Omar Mukhtar is a gifted military man, but even he can’t do the impossible. Cut off from his supply lines in Egypt, caged in on all sides by barbed wire, his people in concentration camps, he’s captured by the Italians and hanged in front of thousands of of his people. But Graziani’s victory is also his defeat. Omar Mukhtar would not take a bribe, save his life, betray his people, or go into retirement. He goes to his death with so much quiet dignity that the brutal Italian warlord realizes his mistake as soon as the rope snaps his neck. All the concentrated might of the Italian fascist empire has succeeded in doing is to kill one old man. The camera lingers on a little boy in the crowd. Mukhtar smiles at him. The next generation is ready to carry on the battle against colonialism.

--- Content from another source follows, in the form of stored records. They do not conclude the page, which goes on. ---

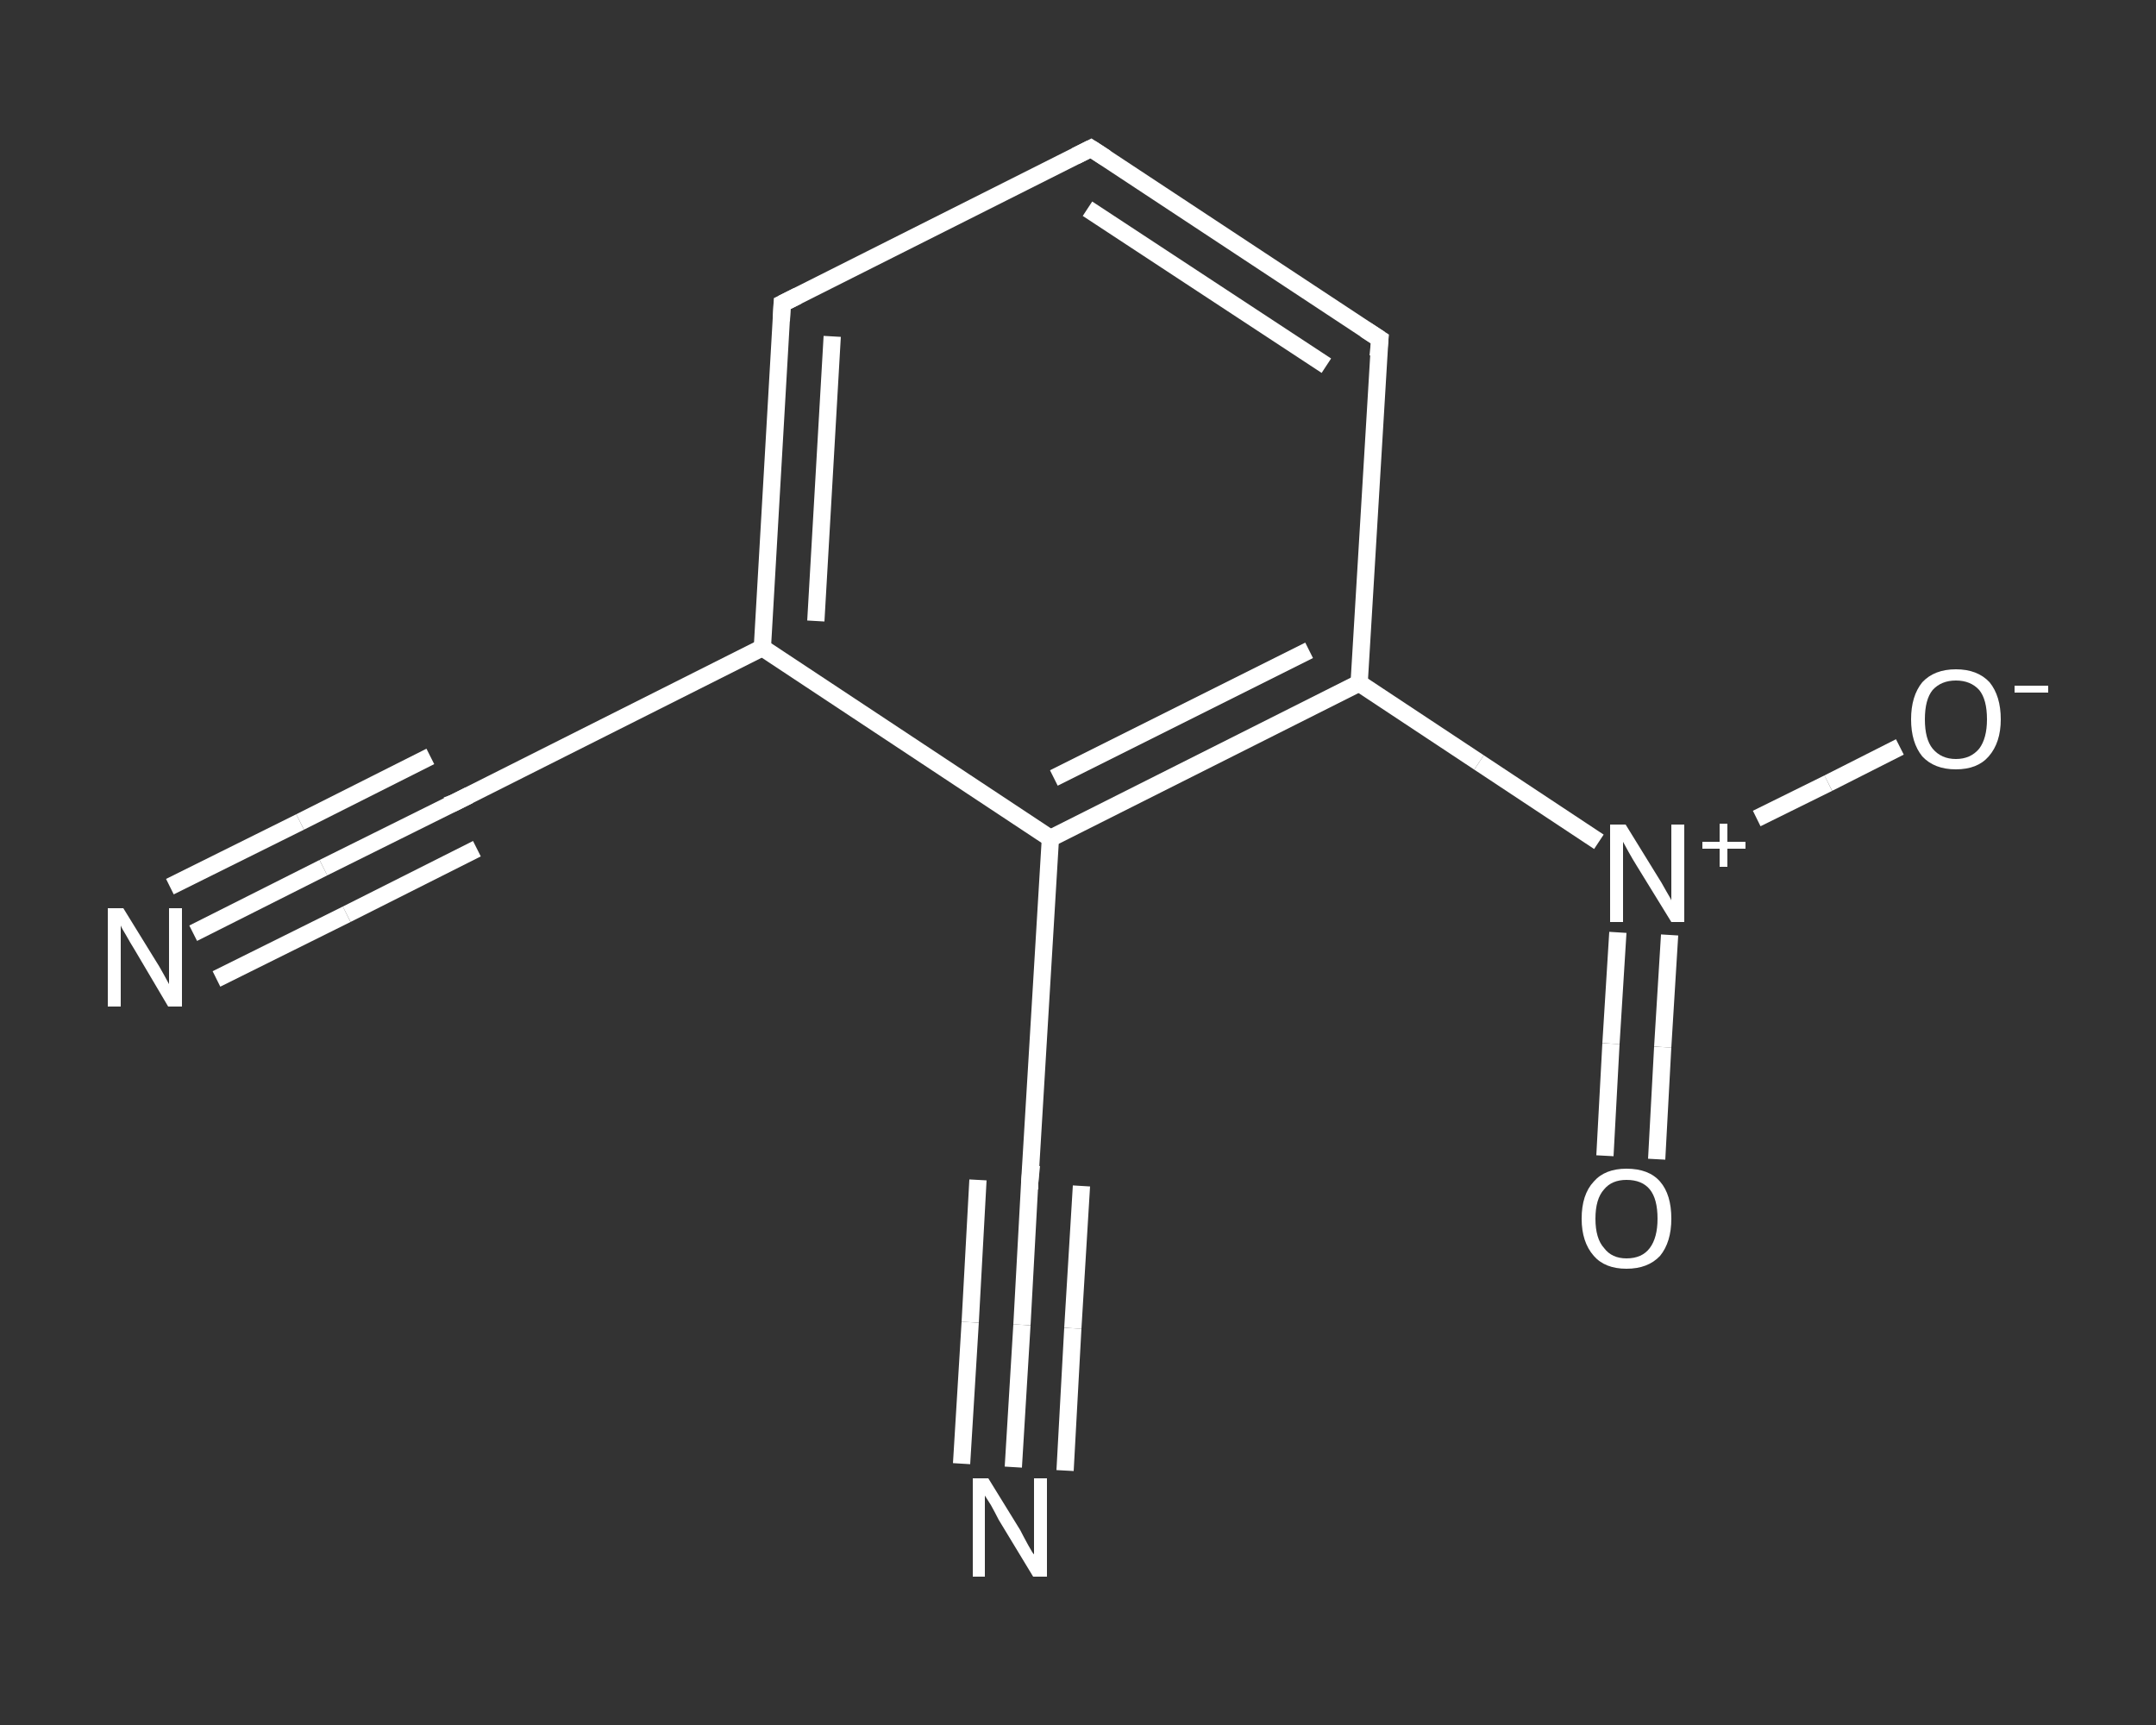 <?xml version='1.0' encoding='iso-8859-1'?>
<svg version='1.1' baseProfile='full'
              xmlns='http://www.w3.org/2000/svg'
                      xmlns:rdkit='http://www.rdkit.org/xml'
                      xmlns:xlink='http://www.w3.org/1999/xlink'
                  xml:space='preserve'
width='250px' height='200px' viewBox='0 0 250 200'>
<rect x="0" y="0" width="250" height="200" fill="#333333" stroke="none"/>
<!-- END OF HEADER -->
<rect style='opacity:1.0;fill:transparent;stroke:none' width='250.0' height='200.0' x='0.0' y='0.0'> </rect>
<path class='bond-0 atom-0 atom-1' d='M 22.4,108.2 L 37.5,100.6' style='fill:none;fill-rule:evenodd;stroke:#FFFFFF;stroke-width:2.0px;stroke-linecap:butt;stroke-linejoin:miter;stroke-opacity:1' />
<path class='bond-0 atom-0 atom-1' d='M 37.5,100.6 L 52.6,93.1' style='fill:none;fill-rule:evenodd;stroke:#FFFFFF;stroke-width:2.0px;stroke-linecap:butt;stroke-linejoin:miter;stroke-opacity:1' />
<path class='bond-0 atom-0 atom-1' d='M 19.7,102.8 L 34.8,95.3' style='fill:none;fill-rule:evenodd;stroke:#FFFFFF;stroke-width:2.0px;stroke-linecap:butt;stroke-linejoin:miter;stroke-opacity:1' />
<path class='bond-0 atom-0 atom-1' d='M 34.8,95.3 L 49.9,87.7' style='fill:none;fill-rule:evenodd;stroke:#FFFFFF;stroke-width:2.0px;stroke-linecap:butt;stroke-linejoin:miter;stroke-opacity:1' />
<path class='bond-0 atom-0 atom-1' d='M 25.1,113.5 L 40.2,106.0' style='fill:none;fill-rule:evenodd;stroke:#FFFFFF;stroke-width:2.0px;stroke-linecap:butt;stroke-linejoin:miter;stroke-opacity:1' />
<path class='bond-0 atom-0 atom-1' d='M 40.2,106.0 L 55.3,98.4' style='fill:none;fill-rule:evenodd;stroke:#FFFFFF;stroke-width:2.0px;stroke-linecap:butt;stroke-linejoin:miter;stroke-opacity:1' />
<path class='bond-1 atom-1 atom-2' d='M 52.6,93.1 L 88.4,75.1' style='fill:none;fill-rule:evenodd;stroke:#FFFFFF;stroke-width:2.0px;stroke-linecap:butt;stroke-linejoin:miter;stroke-opacity:1' />
<path class='bond-2 atom-2 atom-3' d='M 88.4,75.1 L 90.7,35.2' style='fill:none;fill-rule:evenodd;stroke:#FFFFFF;stroke-width:2.0px;stroke-linecap:butt;stroke-linejoin:miter;stroke-opacity:1' />
<path class='bond-2 atom-2 atom-3' d='M 94.6,72.0 L 96.5,39.0' style='fill:none;fill-rule:evenodd;stroke:#FFFFFF;stroke-width:2.0px;stroke-linecap:butt;stroke-linejoin:miter;stroke-opacity:1' />
<path class='bond-3 atom-3 atom-4' d='M 90.7,35.2 L 126.5,17.2' style='fill:none;fill-rule:evenodd;stroke:#FFFFFF;stroke-width:2.0px;stroke-linecap:butt;stroke-linejoin:miter;stroke-opacity:1' />
<path class='bond-4 atom-4 atom-5' d='M 126.5,17.2 L 160.0,39.3' style='fill:none;fill-rule:evenodd;stroke:#FFFFFF;stroke-width:2.0px;stroke-linecap:butt;stroke-linejoin:miter;stroke-opacity:1' />
<path class='bond-4 atom-4 atom-5' d='M 126.1,24.2 L 153.8,42.4' style='fill:none;fill-rule:evenodd;stroke:#FFFFFF;stroke-width:2.0px;stroke-linecap:butt;stroke-linejoin:miter;stroke-opacity:1' />
<path class='bond-5 atom-5 atom-6' d='M 160.0,39.3 L 157.6,79.2' style='fill:none;fill-rule:evenodd;stroke:#FFFFFF;stroke-width:2.0px;stroke-linecap:butt;stroke-linejoin:miter;stroke-opacity:1' />
<path class='bond-6 atom-6 atom-7' d='M 157.6,79.2 L 171.5,88.4' style='fill:none;fill-rule:evenodd;stroke:#FFFFFF;stroke-width:2.0px;stroke-linecap:butt;stroke-linejoin:miter;stroke-opacity:1' />
<path class='bond-6 atom-6 atom-7' d='M 171.5,88.4 L 185.4,97.6' style='fill:none;fill-rule:evenodd;stroke:#FFFFFF;stroke-width:2.0px;stroke-linecap:butt;stroke-linejoin:miter;stroke-opacity:1' />
<path class='bond-7 atom-7 atom-8' d='M 187.6,108.1 L 186.8,121.0' style='fill:none;fill-rule:evenodd;stroke:#FFFFFF;stroke-width:2.0px;stroke-linecap:butt;stroke-linejoin:miter;stroke-opacity:1' />
<path class='bond-7 atom-7 atom-8' d='M 186.8,121.0 L 186.1,134.0' style='fill:none;fill-rule:evenodd;stroke:#FFFFFF;stroke-width:2.0px;stroke-linecap:butt;stroke-linejoin:miter;stroke-opacity:1' />
<path class='bond-7 atom-7 atom-8' d='M 193.6,108.4 L 192.8,121.4' style='fill:none;fill-rule:evenodd;stroke:#FFFFFF;stroke-width:2.0px;stroke-linecap:butt;stroke-linejoin:miter;stroke-opacity:1' />
<path class='bond-7 atom-7 atom-8' d='M 192.8,121.4 L 192.1,134.4' style='fill:none;fill-rule:evenodd;stroke:#FFFFFF;stroke-width:2.0px;stroke-linecap:butt;stroke-linejoin:miter;stroke-opacity:1' />
<path class='bond-8 atom-7 atom-9' d='M 203.7,94.9 L 212.0,90.8' style='fill:none;fill-rule:evenodd;stroke:#FFFFFF;stroke-width:2.0px;stroke-linecap:butt;stroke-linejoin:miter;stroke-opacity:1' />
<path class='bond-8 atom-7 atom-9' d='M 212.0,90.8 L 220.3,86.6' style='fill:none;fill-rule:evenodd;stroke:#FFFFFF;stroke-width:2.0px;stroke-linecap:butt;stroke-linejoin:miter;stroke-opacity:1' />
<path class='bond-9 atom-6 atom-10' d='M 157.6,79.2 L 121.8,97.2' style='fill:none;fill-rule:evenodd;stroke:#FFFFFF;stroke-width:2.0px;stroke-linecap:butt;stroke-linejoin:miter;stroke-opacity:1' />
<path class='bond-9 atom-6 atom-10' d='M 151.8,75.4 L 122.2,90.2' style='fill:none;fill-rule:evenodd;stroke:#FFFFFF;stroke-width:2.0px;stroke-linecap:butt;stroke-linejoin:miter;stroke-opacity:1' />
<path class='bond-10 atom-10 atom-11' d='M 121.8,97.2 L 119.4,137.1' style='fill:none;fill-rule:evenodd;stroke:#FFFFFF;stroke-width:2.0px;stroke-linecap:butt;stroke-linejoin:miter;stroke-opacity:1' />
<path class='bond-11 atom-11 atom-12' d='M 119.4,137.1 L 118.5,153.6' style='fill:none;fill-rule:evenodd;stroke:#FFFFFF;stroke-width:2.0px;stroke-linecap:butt;stroke-linejoin:miter;stroke-opacity:1' />
<path class='bond-11 atom-11 atom-12' d='M 118.5,153.6 L 117.5,170.1' style='fill:none;fill-rule:evenodd;stroke:#FFFFFF;stroke-width:2.0px;stroke-linecap:butt;stroke-linejoin:miter;stroke-opacity:1' />
<path class='bond-11 atom-11 atom-12' d='M 125.4,137.5 L 124.4,154.0' style='fill:none;fill-rule:evenodd;stroke:#FFFFFF;stroke-width:2.0px;stroke-linecap:butt;stroke-linejoin:miter;stroke-opacity:1' />
<path class='bond-11 atom-11 atom-12' d='M 124.4,154.0 L 123.5,170.5' style='fill:none;fill-rule:evenodd;stroke:#FFFFFF;stroke-width:2.0px;stroke-linecap:butt;stroke-linejoin:miter;stroke-opacity:1' />
<path class='bond-11 atom-11 atom-12' d='M 113.4,136.8 L 112.5,153.3' style='fill:none;fill-rule:evenodd;stroke:#FFFFFF;stroke-width:2.0px;stroke-linecap:butt;stroke-linejoin:miter;stroke-opacity:1' />
<path class='bond-11 atom-11 atom-12' d='M 112.5,153.3 L 111.5,169.7' style='fill:none;fill-rule:evenodd;stroke:#FFFFFF;stroke-width:2.0px;stroke-linecap:butt;stroke-linejoin:miter;stroke-opacity:1' />
<path class='bond-12 atom-10 atom-2' d='M 121.8,97.2 L 88.4,75.1' style='fill:none;fill-rule:evenodd;stroke:#FFFFFF;stroke-width:2.0px;stroke-linecap:butt;stroke-linejoin:miter;stroke-opacity:1' />
<path d='M 51.8,93.4 L 52.6,93.1 L 54.4,92.2' style='fill:none;stroke:#FFFFFF;stroke-width:2.0px;stroke-linecap:butt;stroke-linejoin:miter;stroke-opacity:1;' />
<path d='M 90.6,37.2 L 90.7,35.2 L 92.5,34.3' style='fill:none;stroke:#FFFFFF;stroke-width:2.0px;stroke-linecap:butt;stroke-linejoin:miter;stroke-opacity:1;' />
<path d='M 124.7,18.1 L 126.5,17.2 L 128.2,18.3' style='fill:none;stroke:#FFFFFF;stroke-width:2.0px;stroke-linecap:butt;stroke-linejoin:miter;stroke-opacity:1;' />
<path d='M 158.3,38.2 L 160.0,39.3 L 159.8,41.3' style='fill:none;stroke:#FFFFFF;stroke-width:2.0px;stroke-linecap:butt;stroke-linejoin:miter;stroke-opacity:1;' />
<path d='M 119.6,135.1 L 119.4,137.1 L 119.4,137.9' style='fill:none;stroke:#FFFFFF;stroke-width:2.0px;stroke-linecap:butt;stroke-linejoin:miter;stroke-opacity:1;' />
<path class='atom-0' d='M 14.3 105.3
L 18.0 111.3
Q 18.4 111.9, 19.0 113.0
Q 19.6 114.1, 19.6 114.1
L 19.6 105.3
L 21.1 105.3
L 21.1 116.7
L 19.5 116.7
L 15.6 110.1
Q 15.1 109.3, 14.6 108.4
Q 14.1 107.6, 14.0 107.3
L 14.0 116.7
L 12.5 116.7
L 12.5 105.3
L 14.3 105.3
' fill='#FFFFFF'/>
<path class='atom-7' d='M 188.5 95.6
L 192.2 101.6
Q 192.6 102.2, 193.2 103.3
Q 193.8 104.3, 193.8 104.4
L 193.8 95.6
L 195.3 95.6
L 195.3 106.9
L 193.8 106.9
L 189.8 100.4
Q 189.3 99.6, 188.8 98.7
Q 188.3 97.8, 188.2 97.6
L 188.2 106.9
L 186.7 106.9
L 186.7 95.6
L 188.5 95.6
' fill='#FFFFFF'/>
<path class='atom-7' d='M 197.4 97.6
L 199.4 97.6
L 199.4 95.5
L 200.3 95.5
L 200.3 97.6
L 202.4 97.6
L 202.4 98.4
L 200.3 98.4
L 200.3 100.5
L 199.4 100.5
L 199.4 98.4
L 197.4 98.4
L 197.4 97.6
' fill='#FFFFFF'/>
<path class='atom-8' d='M 183.4 141.3
Q 183.4 138.5, 184.8 137.0
Q 186.1 135.5, 188.6 135.5
Q 191.2 135.5, 192.5 137.0
Q 193.8 138.5, 193.8 141.3
Q 193.8 144.0, 192.5 145.6
Q 191.1 147.1, 188.6 147.1
Q 186.1 147.1, 184.8 145.6
Q 183.4 144.0, 183.4 141.3
M 188.6 145.9
Q 190.4 145.9, 191.3 144.7
Q 192.2 143.5, 192.2 141.3
Q 192.2 139.0, 191.3 137.9
Q 190.4 136.8, 188.6 136.8
Q 186.9 136.8, 186.0 137.9
Q 185.0 139.0, 185.0 141.3
Q 185.0 143.6, 186.0 144.7
Q 186.9 145.9, 188.6 145.9
' fill='#FFFFFF'/>
<path class='atom-9' d='M 221.6 83.4
Q 221.6 80.7, 222.9 79.1
Q 224.3 77.6, 226.8 77.6
Q 229.3 77.6, 230.7 79.1
Q 232.0 80.7, 232.0 83.4
Q 232.0 86.1, 230.6 87.7
Q 229.3 89.2, 226.8 89.2
Q 224.3 89.2, 222.9 87.7
Q 221.6 86.1, 221.6 83.4
M 226.8 88.0
Q 228.5 88.0, 229.5 86.8
Q 230.4 85.6, 230.4 83.4
Q 230.4 81.1, 229.5 80.0
Q 228.5 78.9, 226.8 78.9
Q 225.1 78.9, 224.1 80.0
Q 223.2 81.1, 223.2 83.4
Q 223.2 85.7, 224.1 86.8
Q 225.1 88.0, 226.8 88.0
' fill='#FFFFFF'/>
<path class='atom-9' d='M 233.6 79.5
L 237.5 79.5
L 237.5 80.3
L 233.6 80.3
L 233.6 79.5
' fill='#FFFFFF'/>
<path class='atom-12' d='M 114.6 171.4
L 118.3 177.4
Q 118.6 178.0, 119.2 179.1
Q 119.8 180.2, 119.9 180.2
L 119.9 171.4
L 121.4 171.4
L 121.4 182.8
L 119.8 182.8
L 115.8 176.2
Q 115.4 175.4, 114.9 174.5
Q 114.4 173.7, 114.2 173.4
L 114.2 182.8
L 112.8 182.8
L 112.8 171.4
L 114.6 171.4
' fill='#FFFFFF'/>
</svg>

Final Note: During the Libyan Civil War in 2011 and 2012, Gadaffi and the rebels both claimed to be heirs to the legacy of Omar Mukhtar. I suppose that’s both inevitable and a testament to Mukhtar’s status as a national hero. It’s also worth noting that while the Pentagon and the corporate media attempted to bring back The Battle of Algiers during the American occupation of Iraq, Lion of the Desert remains in obscurity. The American ruling class can deal with the idea that a Colonel Mathieu can ask us to make the “hard choices” we need for the good of the empire. They can’t take being exposed as fascists.